# How do I find the limit as x approaches infinity of a trigonometric function?

## ${\lim}_{x \to \infty} \frac{{x}^{2} \csc 3 x \tan 6 x}{\cos 7 x {\cot}^{2} x}$

Oct 4, 2016

The limit does not exist...

#### Explanation:

First consider:

$f \left(x\right) = \frac{\csc 3 x \tan 6 x}{\cos 7 x {\cot}^{2} x}$

The various constituent trigonometric functions have periods:

$\frac{2 \pi}{3} , \frac{\pi}{6} , \frac{2 \pi}{7} , \pi$

The least common multiple of these is $2 \pi$. Hence $f \left(x\right)$ has period $2 \pi$ or a factor thereof. In fact we can tell that it has period exactly $2 \pi$ since $7$ is prime.

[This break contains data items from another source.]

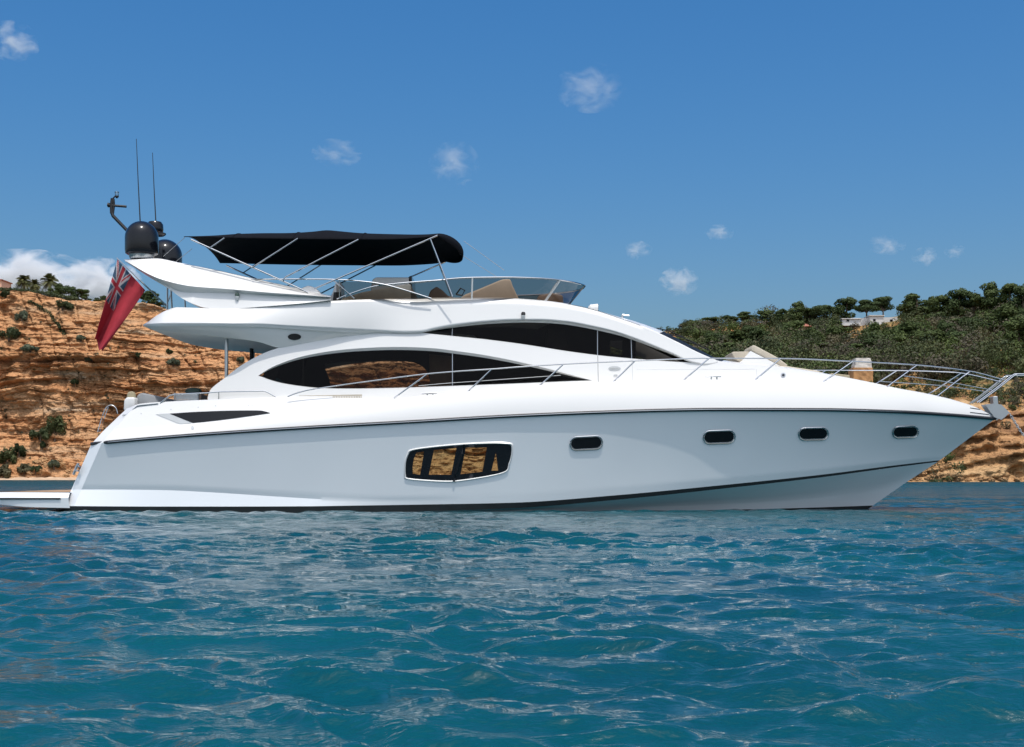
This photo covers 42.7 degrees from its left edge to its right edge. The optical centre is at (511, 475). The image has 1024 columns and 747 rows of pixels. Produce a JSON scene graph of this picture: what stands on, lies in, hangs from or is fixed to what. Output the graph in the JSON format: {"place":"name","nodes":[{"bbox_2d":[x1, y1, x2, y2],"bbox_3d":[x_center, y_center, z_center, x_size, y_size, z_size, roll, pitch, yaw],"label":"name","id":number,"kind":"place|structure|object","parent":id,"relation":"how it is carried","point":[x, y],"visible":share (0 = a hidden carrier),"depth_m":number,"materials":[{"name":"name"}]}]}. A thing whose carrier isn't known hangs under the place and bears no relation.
{"place":"outdoors","nodes":[
{"label":"outdoors","id":0,"kind":"place"},
{"bbox_2d":[0,477,76,479],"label":"beach","id":1,"kind":"structure","parent":0,"point":[43,478],"depth_m":256.46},
{"bbox_2d":[0,464,11,477],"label":"bush","id":2,"kind":"object","parent":1,"relation":"on","point":[5,471],"visible":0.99,"depth_m":257.18,"materials":[{"name":"green plant"}]},
{"bbox_2d":[0,290,260,477],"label":"cliff","id":3,"kind":"structure","parent":0,"point":[34,399],"depth_m":272.00,"materials":[{"name":"orange stone"}]},
{"bbox_2d":[0,290,10,297],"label":"bush","id":4,"kind":"object","parent":3,"relation":"on","point":[4,293],"visible":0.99,"depth_m":280.49,"materials":[{"name":"green plant"}]},
{"bbox_2d":[0,279,12,287],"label":"house","id":5,"kind":"structure","parent":3,"relation":"on","point":[5,284],"depth_m":311.81,"materials":[{"name":"pink paint"}]},
{"bbox_2d":[0,446,16,463],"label":"bush","id":6,"kind":"object","parent":3,"relation":"on","point":[4,456],"visible":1,"depth_m":261.26,"materials":[{"name":"green plant"}]},
{"bbox_2d":[0,326,20,340],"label":"bush","id":7,"kind":"object","parent":3,"relation":"on","point":[11,331],"visible":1,"depth_m":274.05,"materials":[{"name":"green plant"}]},
{"bbox_2d":[12,443,26,457],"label":"bush","id":8,"kind":"object","parent":3,"relation":"on","point":[21,450],"visible":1,"depth_m":262.38,"materials":[{"name":"green plant"}]},
{"bbox_2d":[14,310,27,320],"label":"bush","id":9,"kind":"object","parent":3,"relation":"on","point":[23,314],"visible":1,"depth_m":277.60,"materials":[{"name":"green plant"}]},
{"bbox_2d":[17,463,30,474],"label":"bush","id":10,"kind":"object","parent":3,"relation":"on","point":[23,468],"visible":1,"depth_m":259.96,"materials":[{"name":"green plant"}]},
{"bbox_2d":[15,275,33,288],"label":"palm tree","id":11,"kind":"object","parent":3,"relation":"on","point":[23,281],"visible":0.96,"depth_m":295.30,"materials":[{"name":"green plant"}]},
{"bbox_2d":[20,344,39,351],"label":"bush","id":12,"kind":"object","parent":3,"relation":"on","point":[26,347],"visible":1,"depth_m":270.71,"materials":[{"name":"green plant"}]},
{"bbox_2d":[29,279,41,290],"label":"palm tree","id":13,"kind":"object","parent":3,"relation":"on","point":[36,285],"visible":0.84,"depth_m":299.45,"materials":[{"name":"green plant"}]},
{"bbox_2d":[29,465,42,473],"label":"bush","id":14,"kind":"object","parent":3,"relation":"on","point":[36,468],"visible":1,"depth_m":259.74,"materials":[{"name":"green plant"}]},
{"bbox_2d":[28,427,49,441],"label":"bush","id":15,"kind":"object","parent":3,"relation":"on","point":[42,433],"visible":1,"depth_m":265.20,"materials":[{"name":"green plant"}]},
{"bbox_2d":[0,287,78,300],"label":"hedge","id":16,"kind":"object","parent":3,"relation":"on","point":[61,296],"visible":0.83,"depth_m":284.58,"materials":[{"name":"green plant"}]},
{"bbox_2d":[40,441,45,448],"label":"bush","id":17,"kind":"object","parent":3,"relation":"on","point":[42,444],"visible":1,"depth_m":265.25,"materials":[{"name":"green plant"}]},
{"bbox_2d":[39,457,48,460],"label":"boulder","id":18,"kind":"object","parent":3,"relation":"on","point":[44,458],"visible":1,"depth_m":263.15,"materials":[{"name":"beige stone"}]},
{"bbox_2d":[28,300,65,334],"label":"creeper","id":19,"kind":"object","parent":3,"relation":"hanging from","point":[50,315],"visible":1,"depth_m":279.58,"materials":[{"name":"green plant"}]},
{"bbox_2d":[39,273,58,290],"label":"palm tree","id":20,"kind":"object","parent":3,"relation":"on","point":[49,279],"visible":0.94,"depth_m":295.25,"materials":[{"name":"green plant"}]},
{"bbox_2d":[47,459,59,468],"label":"bush","id":21,"kind":"object","parent":3,"relation":"on","point":[54,463],"visible":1,"depth_m":260.35,"materials":[{"name":"green plant"}]},
{"bbox_2d":[43,415,66,441],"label":"bush","id":22,"kind":"object","parent":3,"relation":"on","point":[56,425],"visible":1,"depth_m":267.05,"materials":[{"name":"green plant"}]},
{"bbox_2d":[48,283,63,294],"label":"pine tree","id":23,"kind":"object","parent":3,"relation":"on","point":[57,286],"visible":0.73,"depth_m":291.55,"materials":[{"name":"green plant"}]},
{"bbox_2d":[55,299,74,310],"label":"bush","id":24,"kind":"object","parent":3,"relation":"on","point":[64,304],"visible":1,"depth_m":279.38,"materials":[{"name":"green plant"}]},
{"bbox_2d":[58,285,78,297],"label":"pine tree","id":25,"kind":"object","parent":3,"relation":"on","point":[70,290],"visible":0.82,"depth_m":291.19,"materials":[{"name":"green plant"}]},
{"bbox_2d":[70,378,78,386],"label":"bush","id":26,"kind":"object","parent":3,"relation":"on","point":[73,381],"visible":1,"depth_m":271.25,"materials":[{"name":"green plant"}]},
{"bbox_2d":[76,334,85,341],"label":"bush","id":27,"kind":"object","parent":3,"relation":"on","point":[80,337],"visible":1,"depth_m":274.13,"materials":[{"name":"green plant"}]},
{"bbox_2d":[75,289,91,300],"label":"pine tree","id":28,"kind":"object","parent":3,"relation":"on","point":[82,294],"visible":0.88,"depth_m":291.50,"materials":[{"name":"green plant"}]},
{"bbox_2d":[93,295,106,300],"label":"pine tree","id":29,"kind":"object","parent":3,"relation":"on","point":[102,298],"visible":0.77,"depth_m":291.67,"materials":[{"name":"green plant"}]},
{"bbox_2d":[0,316,237,467],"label":"cliff scrub","id":30,"kind":"object","parent":3,"relation":"on","point":[78,378],"visible":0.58,"depth_m":271.96,"materials":[{"name":"green plant"}]},
{"bbox_2d":[140,290,161,306],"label":"tree","id":31,"kind":"object","parent":3,"relation":"on","point":[149,297],"visible":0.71,"depth_m":290.38,"materials":[{"name":"green plant"}]},
{"bbox_2d":[155,302,165,307],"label":"pine tree","id":32,"kind":"object","parent":3,"relation":"on","point":[159,304],"visible":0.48,"depth_m":291.70,"materials":[{"name":"green plant"}]},
{"bbox_2d":[165,358,180,366],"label":"bush","id":33,"kind":"object","parent":3,"relation":"on","point":[172,361],"visible":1,"depth_m":272.32,"materials":[{"name":"green plant"}]},
{"bbox_2d":[236,356,244,363],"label":"bush","id":34,"kind":"object","parent":3,"relation":"on","point":[240,359],"visible":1,"depth_m":273.34,"materials":[{"name":"green plant"}]},
{"bbox_2d":[0,480,1023,746],"bbox_3d":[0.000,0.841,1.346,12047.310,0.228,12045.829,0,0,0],"label":"water","id":35,"kind":"structure","parent":0,"point":[894,618],"depth_m":7.25,"materials":[{"name":"blue liquid"}]},
{"bbox_2d":[0,139,1023,512],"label":"motor yacht","id":36,"kind":"object","parent":35,"relation":"on","point":[494,393],"visible":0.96,"depth_m":30.69,"materials":[{"name":"plastic"}]},
{"bbox_2d":[95,260,144,350],"bbox_3d":[-9.780,-4.248,32.706,1.247,2.299,0.291,0,0,0],"label":"flag","id":37,"kind":"object","parent":36,"relation":"hanging from","point":[126,290],"visible":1,"depth_m":32.69,"materials":[{"name":"red fabric"}]},
{"bbox_2d":[127,391,135,397],"bbox_3d":[-9.066,-1.762,31.200,0.214,0.489,0.214,0,0,0],"label":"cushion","id":38,"kind":"object","parent":36,"relation":"on","point":[131,394],"visible":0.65,"depth_m":31.12,"materials":[{"name":"fabric"}]},
{"bbox_2d":[174,393,206,400],"bbox_3d":[-8.030,-1.831,32.390,0.825,0.467,0.660,0,0,0],"label":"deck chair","id":39,"kind":"object","parent":36,"relation":"on","point":[185,397],"visible":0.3,"depth_m":32.10,"materials":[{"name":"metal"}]},
{"bbox_2d":[185,388,201,392],"bbox_3d":[-7.881,-2.085,32.402,0.427,0.187,0.234,0,0,0],"label":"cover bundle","id":40,"kind":"object","parent":39,"relation":"on","point":[193,390],"visible":0.81,"depth_m":32.32,"materials":[{"name":"green fabric"}]},
{"bbox_2d":[156,410,268,423],"bbox_3d":[-6.924,-1.352,30.298,2.710,0.319,0.125,0,0,2],"label":"bulwark window","id":41,"kind":"structure","parent":36,"relation":"in","point":[204,416],"depth_m":30.30,"materials":[{"name":"black glass"}]},
{"bbox_2d":[258,347,589,388],"bbox_3d":[-2.038,-2.536,30.801,7.857,1.004,0.332,0,0,0],"label":"saloon window","id":42,"kind":"structure","parent":36,"relation":"in","point":[337,367],"depth_m":30.84,"materials":[{"name":"black glass"}]},
{"bbox_2d":[404,442,512,482],"bbox_3d":[-1.233,-0.312,30.158,2.535,0.946,0.201,0,0,0],"label":"hull window","id":43,"kind":"structure","parent":36,"relation":"in","point":[459,462],"depth_m":30.16,"materials":[{"name":"black glass"}]},
{"bbox_2d":[424,321,691,362],"bbox_3d":[1.052,-3.203,31.074,6.508,1.010,0.239,0,0,-2],"label":"upper window","id":44,"kind":"structure","parent":36,"relation":"in","point":[564,336],"depth_m":31.12,"materials":[{"name":"black glass"}]},
{"bbox_2d":[725,345,849,377],"bbox_3d":[6.916,-2.790,32.925,2.890,0.874,1.550,0,0,0],"label":"sun pad","id":45,"kind":"object","parent":36,"relation":"on","point":[753,351],"visible":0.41,"depth_m":32.36,"materials":[{"name":"fabric"}]},
{"bbox_2d":[1009,413,1023,435],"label":"anchor chain","id":46,"kind":"object","parent":36,"relation":"attached to","point":[1016,424],"visible":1,"depth_m":32.69,"materials":[{"name":"grey metal"}]},
{"bbox_2d":[0,0,1023,330],"label":"sky","id":47,"kind":"structure","parent":0,"point":[674,161],"materials":[{"name":"blue"}]},
{"bbox_2d":[664,316,1023,481],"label":"hill","id":48,"kind":"structure","parent":0,"point":[994,449],"depth_m":181.02,"materials":[{"name":"beige stone"}]},
{"bbox_2d":[697,336,719,345],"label":"pine tree","id":49,"kind":"object","parent":48,"relation":"on","point":[712,338],"visible":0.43,"depth_m":303.70,"materials":[{"name":"green plant"}]},
{"bbox_2d":[701,317,719,326],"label":"pine tree","id":50,"kind":"object","parent":48,"relation":"on","point":[713,319],"visible":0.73,"depth_m":428.24,"materials":[{"name":"green plant"}]},
{"bbox_2d":[703,331,723,340],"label":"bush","id":51,"kind":"object","parent":48,"relation":"on","point":[709,333],"visible":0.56,"depth_m":324.61,"materials":[{"name":"green plant"}]},
{"bbox_2d":[712,342,735,354],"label":"pine tree","id":52,"kind":"object","parent":48,"relation":"on","point":[726,344],"visible":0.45,"depth_m":259.72,"materials":[{"name":"green plant"}]},
{"bbox_2d":[720,315,739,321],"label":"pine tree","id":53,"kind":"object","parent":48,"relation":"on","point":[734,318],"visible":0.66,"depth_m":431.23,"materials":[{"name":"green plant"}]},
{"bbox_2d":[722,329,747,341],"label":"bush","id":54,"kind":"object","parent":48,"relation":"on","point":[737,334],"visible":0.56,"depth_m":321.93,"materials":[{"name":"green plant"}]},
{"bbox_2d":[736,311,759,320],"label":"pine tree","id":55,"kind":"object","parent":48,"relation":"on","point":[743,315],"visible":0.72,"depth_m":433.43,"materials":[{"name":"green plant"}]},
{"bbox_2d":[740,325,760,333],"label":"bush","id":56,"kind":"object","parent":48,"relation":"on","point":[747,328],"visible":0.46,"depth_m":358.69,"materials":[{"name":"green plant"}]},
{"bbox_2d":[746,332,763,342],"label":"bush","id":57,"kind":"object","parent":48,"relation":"on","point":[751,336],"visible":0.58,"depth_m":320.78,"materials":[{"name":"green plant"}]},
{"bbox_2d":[749,328,771,340],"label":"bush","id":58,"kind":"object","parent":48,"relation":"on","point":[762,334],"visible":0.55,"depth_m":319.61,"materials":[{"name":"green plant"}]},
{"bbox_2d":[755,310,774,322],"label":"pine tree","id":59,"kind":"object","parent":48,"relation":"on","point":[762,315],"visible":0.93,"depth_m":426.77,"materials":[{"name":"green plant"}]},
{"bbox_2d":[773,308,787,320],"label":"pine tree","id":60,"kind":"object","parent":48,"relation":"on","point":[778,313],"visible":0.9,"depth_m":422.20,"materials":[{"name":"green plant"}]},
{"bbox_2d":[782,320,805,333],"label":"pine tree","id":61,"kind":"object","parent":48,"relation":"on","point":[796,322],"visible":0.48,"depth_m":323.93,"materials":[{"name":"green plant"}]},
{"bbox_2d":[785,301,804,320],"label":"pine tree","id":62,"kind":"object","parent":48,"relation":"on","point":[799,307],"visible":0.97,"depth_m":420.59,"materials":[{"name":"green plant"}]},
{"bbox_2d":[791,327,821,338],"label":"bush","id":63,"kind":"object","parent":48,"relation":"on","point":[812,329],"visible":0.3,"depth_m":309.33,"materials":[{"name":"green plant"}]},
{"bbox_2d":[801,308,815,321],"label":"pine tree","id":64,"kind":"object","parent":48,"relation":"on","point":[807,310],"visible":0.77,"depth_m":424.44,"materials":[{"name":"green plant"}]},
{"bbox_2d":[801,331,823,341],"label":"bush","id":65,"kind":"object","parent":48,"relation":"on","point":[820,335],"visible":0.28,"depth_m":307.32,"materials":[{"name":"green plant"}]},
{"bbox_2d":[809,342,828,347],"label":"pine tree","id":66,"kind":"object","parent":48,"relation":"on","point":[820,345],"visible":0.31,"depth_m":280.19,"materials":[{"name":"green plant"}]},
{"bbox_2d":[808,305,841,318],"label":"pine tree","id":67,"kind":"object","parent":48,"relation":"on","point":[820,310],"visible":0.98,"depth_m":419.68,"materials":[{"name":"green plant"}]},
{"bbox_2d":[818,326,844,343],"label":"pine tree","id":68,"kind":"object","parent":48,"relation":"on","point":[835,330],"visible":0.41,"depth_m":305.91,"materials":[{"name":"green plant"}]},
{"bbox_2d":[650,290,1023,481],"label":"scrub","id":69,"kind":"object","parent":48,"relation":"on","point":[981,347],"visible":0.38,"depth_m":250.37,"materials":[{"name":"green plant"}]},
{"bbox_2d":[832,296,857,317],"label":"pine tree","id":70,"kind":"object","parent":48,"relation":"on","point":[844,304],"visible":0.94,"depth_m":421.31,"materials":[{"name":"green plant"}]},
{"bbox_2d":[835,344,856,350],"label":"pine tree","id":71,"kind":"object","parent":48,"relation":"on","point":[852,346],"visible":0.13,"depth_m":272.95,"materials":[{"name":"green plant"}]},
{"bbox_2d":[840,327,852,340],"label":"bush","id":72,"kind":"object","parent":48,"relation":"on","point":[850,329],"visible":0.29,"depth_m":314.18,"materials":[{"name":"green plant"}]},
{"bbox_2d":[851,343,863,347],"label":"pine tree","id":73,"kind":"object","parent":48,"relation":"on","point":[857,345],"visible":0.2,"depth_m":282.37,"materials":[{"name":"green plant"}]},
{"bbox_2d":[848,358,872,381],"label":"stone pillar","id":74,"kind":"structure","parent":48,"relation":"on","point":[867,376],"depth_m":216.01,"materials":[{"name":"beige stone"}]},
{"bbox_2d":[852,299,880,315],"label":"pine tree","id":75,"kind":"object","parent":48,"relation":"on","point":[865,306],"visible":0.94,"depth_m":415.44,"materials":[{"name":"green plant"}]},
{"bbox_2d":[838,315,897,326],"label":"villa","id":76,"kind":"object","parent":48,"relation":"on","point":[880,319],"visible":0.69,"depth_m":413.00,"materials":[{"name":"white paint"}]},
{"bbox_2d":[857,322,882,338],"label":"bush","id":77,"kind":"object","parent":48,"relation":"on","point":[877,325],"visible":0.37,"depth_m":304.42,"materials":[{"name":"green plant"}]},
{"bbox_2d":[859,337,881,346],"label":"pine tree","id":78,"kind":"object","parent":48,"relation":"on","point":[869,341],"visible":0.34,"depth_m":287.10,"materials":[{"name":"green plant"}]},
{"bbox_2d":[869,296,894,316],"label":"pine tree","id":79,"kind":"object","parent":48,"relation":"on","point":[883,303],"visible":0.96,"depth_m":415.31,"materials":[{"name":"green plant"}]},
{"bbox_2d":[880,336,906,346],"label":"pine tree","id":80,"kind":"object","parent":48,"relation":"on","point":[899,338],"visible":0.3,"depth_m":280.45,"materials":[{"name":"green plant"}]},
{"bbox_2d":[886,321,918,338],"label":"pine tree","id":81,"kind":"object","parent":48,"relation":"on","point":[909,326],"visible":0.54,"depth_m":299.86,"materials":[{"name":"green plant"}]},
{"bbox_2d":[896,293,936,315],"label":"pine tree","id":82,"kind":"object","parent":48,"relation":"on","point":[911,300],"visible":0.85,"depth_m":395.73,"materials":[{"name":"green plant"}]},
{"bbox_2d":[918,471,926,476],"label":"boulder","id":83,"kind":"object","parent":48,"relation":"on","point":[923,473],"visible":0.8,"depth_m":178.12,"materials":[{"name":"beige stone"}]},
{"bbox_2d":[910,330,936,344],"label":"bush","id":84,"kind":"object","parent":48,"relation":"on","point":[914,334],"visible":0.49,"depth_m":293.18,"materials":[{"name":"green plant"}]},
{"bbox_2d":[913,331,936,344],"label":"pine tree","id":85,"kind":"object","parent":48,"relation":"on","point":[930,333],"visible":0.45,"depth_m":291.66,"materials":[{"name":"green plant"}]},
{"bbox_2d":[930,473,939,477],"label":"boulder","id":86,"kind":"object","parent":48,"relation":"on","point":[932,475],"visible":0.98,"depth_m":177.27,"materials":[{"name":"beige stone"}]},
{"bbox_2d":[922,295,949,318],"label":"pine tree","id":87,"kind":"object","parent":48,"relation":"on","point":[933,302],"visible":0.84,"depth_m":384.99,"materials":[{"name":"green plant"}]},
{"bbox_2d":[929,329,946,343],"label":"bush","id":88,"kind":"object","parent":48,"relation":"on","point":[941,332],"visible":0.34,"depth_m":293.38,"materials":[{"name":"green plant"}]},
{"bbox_2d":[936,320,956,332],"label":"pine tree","id":89,"kind":"object","parent":48,"relation":"on","point":[943,325],"visible":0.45,"depth_m":319.07,"materials":[{"name":"green plant"}]},
{"bbox_2d":[934,318,959,324],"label":"pine tree","id":90,"kind":"object","parent":48,"relation":"on","point":[954,319],"visible":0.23,"depth_m":346.16,"materials":[{"name":"green plant"}]},
{"bbox_2d":[940,287,972,316],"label":"pine tree","id":91,"kind":"object","parent":48,"relation":"on","point":[957,298],"visible":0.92,"depth_m":383.77,"materials":[{"name":"green plant"}]},
{"bbox_2d":[944,329,970,349],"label":"pine tree","id":92,"kind":"object","parent":48,"relation":"on","point":[952,331],"visible":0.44,"depth_m":292.58,"materials":[{"name":"green plant"}]},
{"bbox_2d":[954,476,963,480],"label":"boulder","id":93,"kind":"object","parent":48,"relation":"on","point":[959,478],"visible":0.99,"depth_m":176.68,"materials":[{"name":"brown stone"}]},
{"bbox_2d":[957,320,980,329],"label":"pine tree","id":94,"kind":"object","parent":48,"relation":"on","point":[972,325],"visible":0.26,"depth_m":338.38,"materials":[{"name":"green plant"}]},
{"bbox_2d":[956,316,985,325],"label":"pine tree","id":95,"kind":"object","parent":48,"relation":"on","point":[964,320],"visible":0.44,"depth_m":340.57,"materials":[{"name":"green plant"}]},
{"bbox_2d":[960,293,984,312],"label":"pine tree","id":96,"kind":"object","parent":48,"relation":"on","point":[968,303],"visible":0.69,"depth_m":383.33,"materials":[{"name":"green plant"}]},
{"bbox_2d":[974,477,982,481],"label":"boulder","id":97,"kind":"object","parent":48,"relation":"on","point":[980,479],"visible":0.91,"depth_m":176.84,"materials":[{"name":"beige stone"}]},
{"bbox_2d":[971,313,992,318],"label":"pine tree","id":98,"kind":"object","parent":48,"relation":"on","point":[983,315],"visible":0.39,"depth_m":354.87,"materials":[{"name":"green plant"}]},
{"bbox_2d":[971,281,998,309],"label":"pine tree","id":99,"kind":"object","parent":48,"relation":"on","point":[989,300],"visible":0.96,"depth_m":377.00,"materials":[{"name":"green plant"}]},
{"bbox_2d":[985,307,998,321],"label":"pine tree","id":100,"kind":"object","parent":48,"relation":"on","point":[994,311],"visible":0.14,"depth_m":352.84,"materials":[{"name":"green plant"}]},
{"bbox_2d":[982,303,1023,331],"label":"pine tree","id":101,"kind":"object","parent":48,"relation":"on","point":[1008,311],"visible":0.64,"depth_m":320.97,"materials":[{"name":"green plant"}]},
{"bbox_2d":[998,477,1007,481],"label":"boulder","id":102,"kind":"object","parent":48,"relation":"on","point":[1003,479],"visible":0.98,"depth_m":177.12,"materials":[{"name":"beige stone"}]},
{"bbox_2d":[995,283,1021,308],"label":"pine tree","id":103,"kind":"object","parent":48,"relation":"on","point":[1005,291],"visible":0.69,"depth_m":370.25,"materials":[{"name":"green plant"}]},
{"bbox_2d":[1002,319,1023,348],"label":"pine tree","id":104,"kind":"object","parent":48,"relation":"on","point":[1016,325],"visible":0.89,"depth_m":259.59,"materials":[{"name":"green plant"}]},
{"bbox_2d":[1008,283,1023,315],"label":"pine tree","id":105,"kind":"object","parent":48,"relation":"on","point":[1018,298],"visible":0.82,"depth_m":363.36,"materials":[{"name":"green plant"}]}
]}

When $x = \frac{\pi}{14}$ we find that $\cos 7 x = \cos \left(\frac{\pi}{2}\right) = 0$ and all of the other trigonometric functions are non-zero.

If we take a small interval around $x = \frac{\pi}{14}$ then $\cos 7 x$ changes sign while the other trigonometric functions retain their signs. Hence $f \left(x\right)$ changes sign in a small interval around $x = \frac{\pi}{14}$.

Since $\cos 7 x$ is in the denominator, this means that $f \left(x\right)$ has a vertical asymptote with different signs on either side of the asymptote at $x = \frac{\pi}{14} + 2 n \pi$ for any integer $n$.

Next note that ${x}^{2} \to \infty$ as $x \to \infty$ (or $x \to - \infty$).

Note also that all the trigonometric functions are continuous on their various domains.

Hence:

$\frac{{x}^{2} \csc 3 x \tan 6 x}{\cos 7 x {\cot}^{2} x}$

is unbounded and takes every value in $\left(- \infty , \infty\right)$ repeatedly as $x \to \infty$ (or $x \to - \infty$). It definitely does not converge to a limit.